When you reach the line with "Identify this insect to species.", start repeating the lines exactly and keep going to the end of the records, but drop every picture.

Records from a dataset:
● ● ● ● ● ● ●

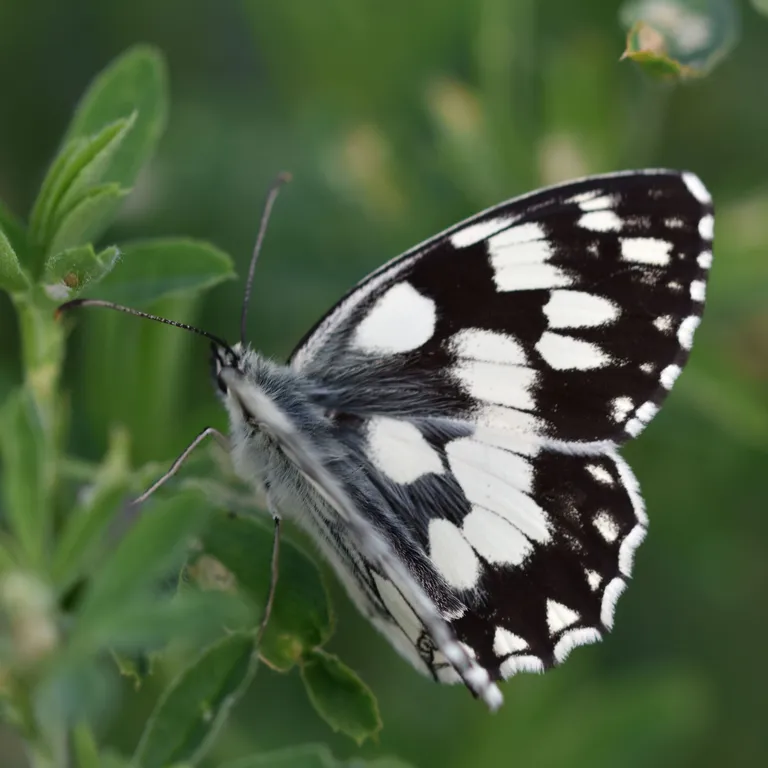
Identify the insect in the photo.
Melanargia galathea
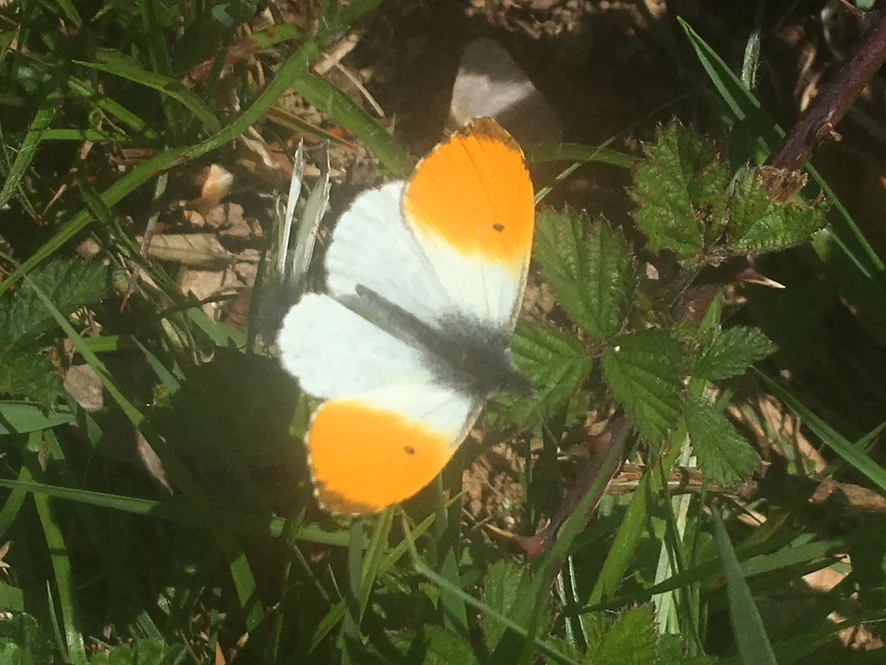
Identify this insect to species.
Anthocharis cardamines
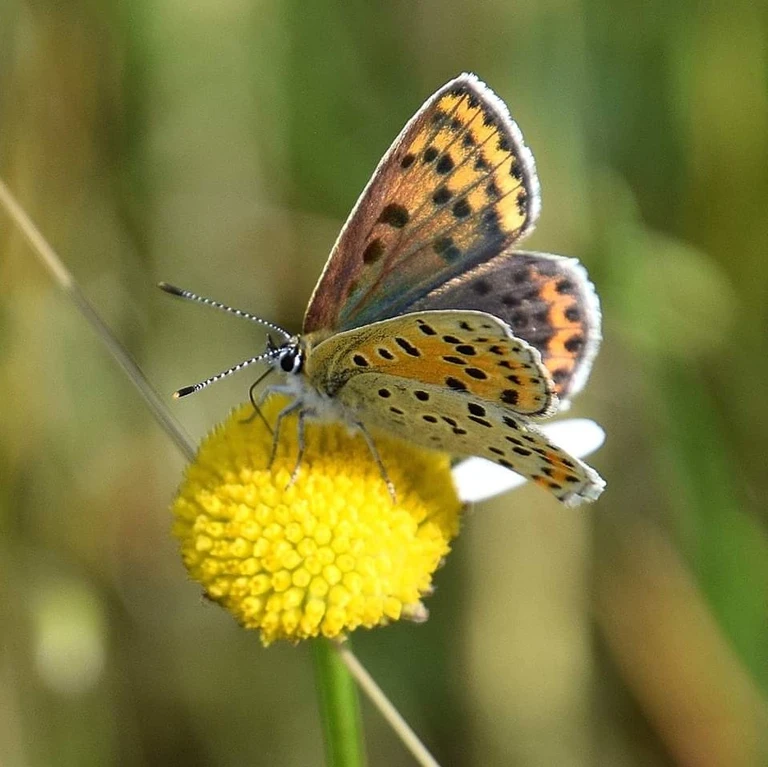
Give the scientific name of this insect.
Lycaena tityrus (also Loweia tityrus)
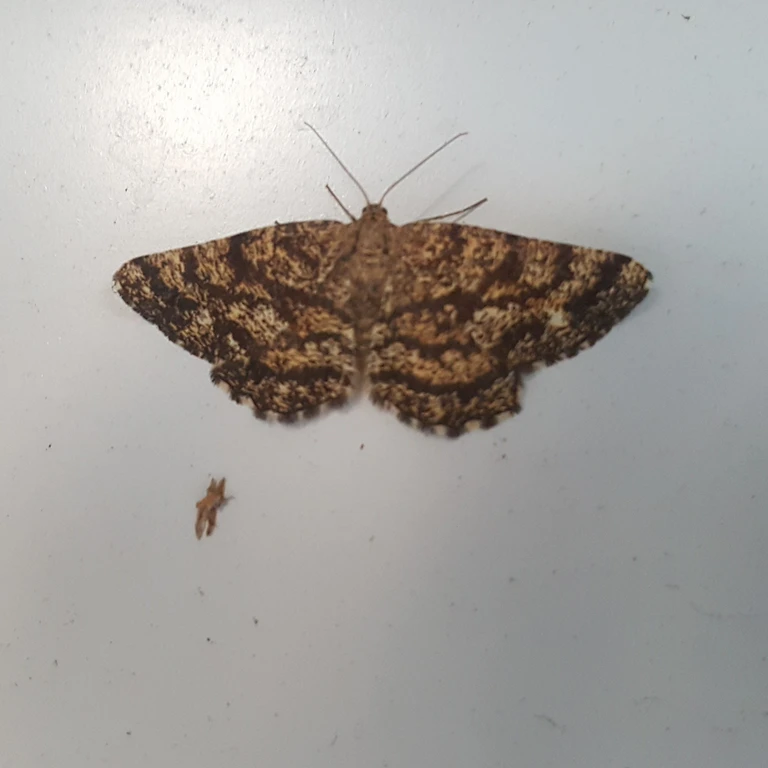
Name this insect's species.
Ematurga atomaria
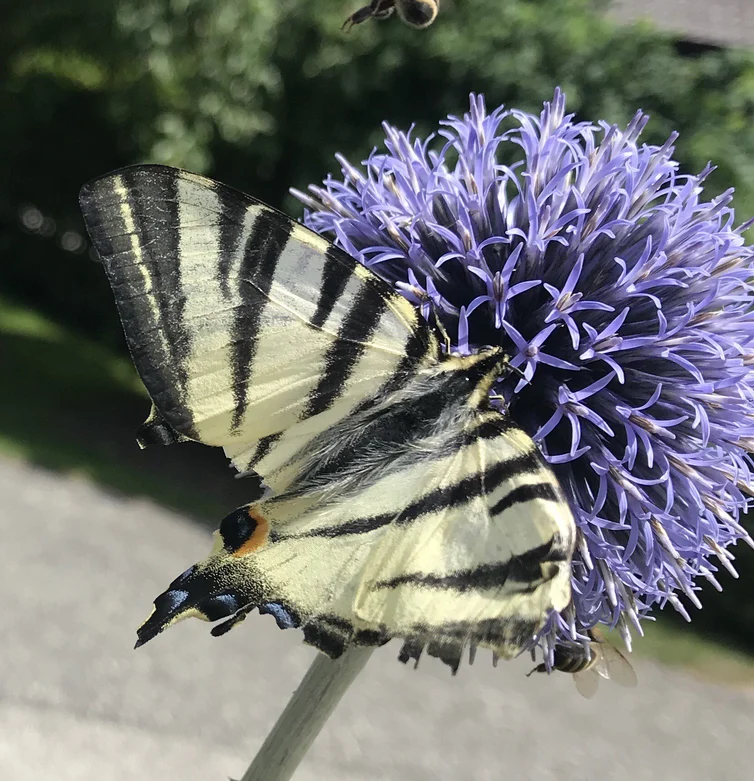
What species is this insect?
Iphiclides podalirius

● ● ● ● ● ● ●

**Response:**
Identify this insect to species.
Anthocharis cardamines
Give the scientific name of this insect.
Lycaena tityrus (also Loweia tityrus)
Name this insect's species.
Ematurga atomaria
What species is this insect?
Iphiclides podalirius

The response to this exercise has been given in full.